Southern Pacific Co. v. Lowe


No. 462


Argued March 4, 5, 6, 1918
Decided June 3, 1918
247 U.S. 330

ERROR TO THE DISTRICT COURT OF THE UNITED STATES
FOR THE SOUTHERN DISTRICT OF NEW YORK

Syllabus

Accumulations that accrued to a corporation through surplus earnings or appreciation in property value, before the adoption of the Sixteenth Amendment (February, 1913), and the effective date (March, 1913), of the Income Tax Act of 1913 (Act October 3, 1913, c. 16, 38 Stat. 166), are to be regarded as its capital, not as its income for the purposes of that act.
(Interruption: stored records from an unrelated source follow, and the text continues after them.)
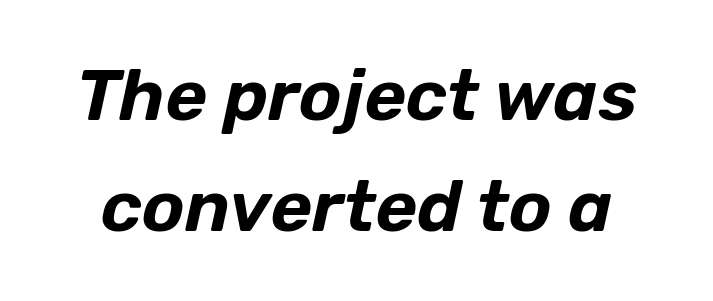
The image shows 72 px text type, italic (leaning right); set normal line spacing (1.54x), normal letter spacing, not underlined; low stroke contrast and a medium x-height.
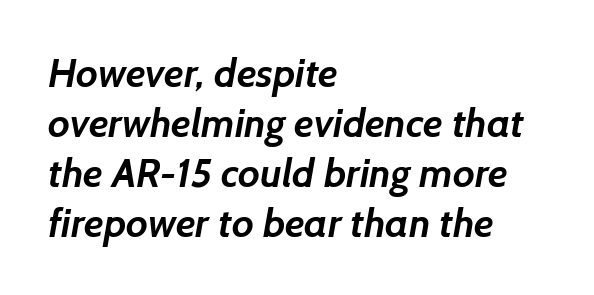
Q: Is the text bold? A: Yes.
Q: Is the typeface a serif or a sans-serif typeface? A: Sans-serif.
Q: Is the text underlined? A: No.
Q: How is the paragraph aligned? A: Left-aligned.
Q: Is the spacing between letters normal or unusually wide? A: Normal.
Q: Is the spacing between lines tight, normal or loose? A: Normal.
Q: Width (condensed, normal, or wide)? A: Normal.
Q: Stroke contrast? A: Low.
Q: x-height? A: Medium.
Q: Monospaced? A: No.
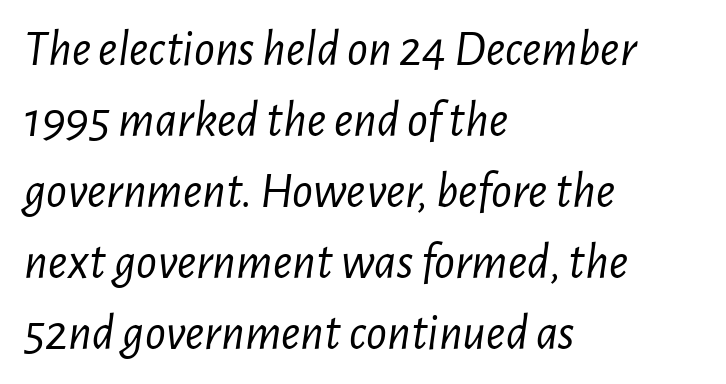
The image shows 51 px light, condensed type, italic (leaning right); set left-aligned, normal line spacing (1.39x), normal letter spacing, not underlined; low stroke contrast and a medium x-height.
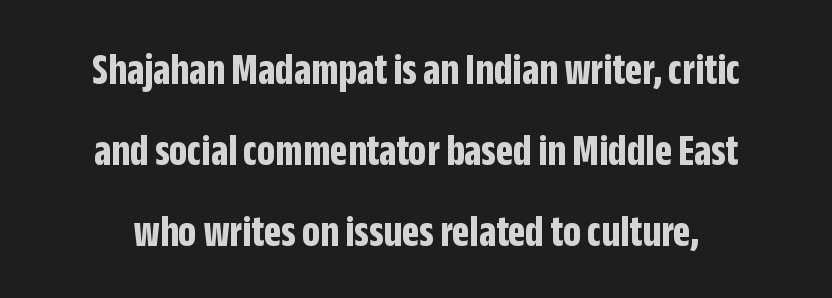
Q: Is the text bold? A: Yes.
Q: Is the text italic (slanted)? A: No, it is upright.
Q: Is the typeface a serif or a sans-serif typeface? A: Sans-serif.
Q: Is the text underlined? A: No.
Q: Is the spacing between letters normal or unusually wide? A: Normal.
Q: Width (condensed, normal, or wide)? A: Condensed.
Q: Stroke contrast? A: Low.
Q: x-height? A: Large.
Q: Monospaced? A: No.
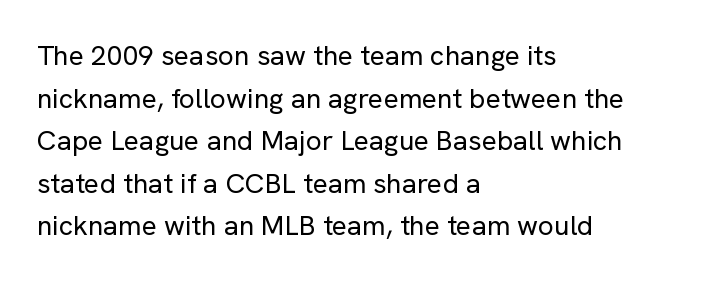
Q: Is the text bold? A: No.
Q: Is the text italic (slanted)? A: No, it is upright.
Q: Is the typeface a serif or a sans-serif typeface? A: Sans-serif.
Q: Is the text underlined? A: No.
Q: How is the paragraph aligned? A: Left-aligned.
Q: Is the spacing between letters normal or unusually wide? A: Normal.
Q: Is the spacing between lines tight, normal or loose? A: Normal.
Q: Width (condensed, normal, or wide)? A: Normal.
Q: Stroke contrast? A: Low.
Q: x-height? A: Medium.
Q: Monospaced? A: No.

Although, in general, the Income Tax Act of 1913, unlike that of June 30, 1864, treated corporate earnings as not accruing to the shareholders until the time when a dividend was paid (Lynch v. Hornby, post,339), and although in ordinary cases the mere accumulation of adequate surplus does not entitle a shareholder to dividends until the directors, in their discretion, declare them, yet, where the shares of a corporation were all owned, and its property and funds possessed, and its operations and affairs completely dominated, by another corporation, so that the two were in substance but one, and where dividends from the one to the other were consummated, after the Act of 1913 became effective, by a mere paper transaction -- formal vote of the directors of the first company and entries on the books of the two -- and represented merely what the second company was entitled to have as shareholder before January 1, 1913, from a surplus theretofore accumulated, held that such dividends were not taxable as income of the shareholding company within the true intent and meaning of the Income Tax Act of 1913.

238 F. 847 reversed.

The case is stated in the opinion.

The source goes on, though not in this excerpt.